As part of an experimental game project I’ve been trying to use the Functy rendering routines to visualise network structures. At the moment it’s at a very early stage, but has - I think - already generated some interesting results.
The screenshot below shows a network of 60 nodes, each one rendered as a spherical co-ordinate function, joined together using links rendered as curves. I just plucked some simple functions out of the air to see what the results would be like but am hoping to extend it with more interesting shapes as things progress.
The various parts of the network are a little hard to discern with a static image, but when I tried to capture a video the result was a mess of fuzzy artefacts (I think there must be something going wrong with my screen capture software), so I gave up on that.
The next step, after neatening up the code, is to arrange better animation of the nodes and links, with dynamic movement based on things like the forces between the nodes.
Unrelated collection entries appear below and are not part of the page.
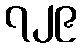
၇၂၉
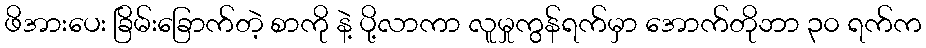
ဖိအားပေး ခြိမ်းခြောက်တဲ့ စာကို နဲ့ ပို့လာကာ လူမှုကွန်ရက်မှာ အောက်တိုဘာ ၃၀ ရက်က
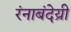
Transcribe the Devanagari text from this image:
रंनाबंदेय्री
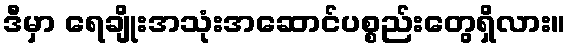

I’m hoping this will produce some really nice effects, and if anything comes of it I’ll put a bit more effort into getting a successful video capture.
According to Ohloh the code for Functy has been up on SourceForge for over for and a half years now (having apparently sucked up 13 years of my effort during that time; a factoid that can’t possibly be true!). Well, as of today, Functy now enjoys living in the upgraded Sourceforge environment.
The actual process of upgrading was surprisingly painless. One outcome though is that a lot of the links in the menu on this page have now moved to different URLs. In addition, there’s also a new SVN repository to use.
Nothing too dramatic, but hopefully the move to new Sourceforge will give things a bit of modernisation, while making things work more nicely, more seamlessly, and more attractively.